Data Partitioning and Sorting
EUBUCCO Parquet files use a specific physical layout to optimize data access and minimize I/O overhead for large-scale geospatial analysis.
Partitioning
The dataset uses Hive-style partitioning by NUTS2 regions, where each region is stored in its own directory.
- Format:
eubucco/v0.2/buildings/parquet/nuts_id=<ID>/<ID>.parquet
Benefits:
- Partition Pruning: Query engines can skip entire directories when filtering by region, dramatically reducing I/O
- Selective Access: Download or process only specific geographic regions
For examples of leveraging partitioning in queries, see Efficient Data Loading & Filtering.

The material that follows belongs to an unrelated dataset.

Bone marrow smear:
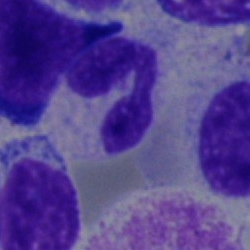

Partition Key vs. Data Column
The partition key nuts_id (NUTS2) corresponds to the parent region of the region_id (NUTS3) column in the dataset.
Sorting
Within each partition file, rows are sorted using a multi-level hierarchy to optimize data locality:
- Source Type: Grouped by dataset origin (
gov,msft,osm) - NUTS3 Region: Sub-regional grouping via
region_id - City ID (LAU): Local administrative unit via
city_id
Benefits:
- Spatial Locality: Buildings in the same city are stored contiguously, improving cache efficiency
- Predicate Pushdown: Row group statistics enable efficient spatial filtering without reading entire files
- Source Grouping: Buildings from the same source are clustered together, facilitating source-based filtering
How Sorting Enables Efficient Filtering
By sorting down to the City ID level, the dataset achieves a high degree of spatial clustering. Parquet files are internally divided into row groups, each containing metadata with min/max statistics for columns. The spatial sorting ensures that buildings within the same geographic area (city) are stored in the same row groups, allowing query engines to examine row group metadata and skip entire row groups that fall outside query bounds without reading their data.
In practice, this provides bounding box (BBOX) filtering performance nearly equivalent to more complex spatial indices (like Hilbert or Z-order curves) while maintaining a simpler, human-readable hierarchy.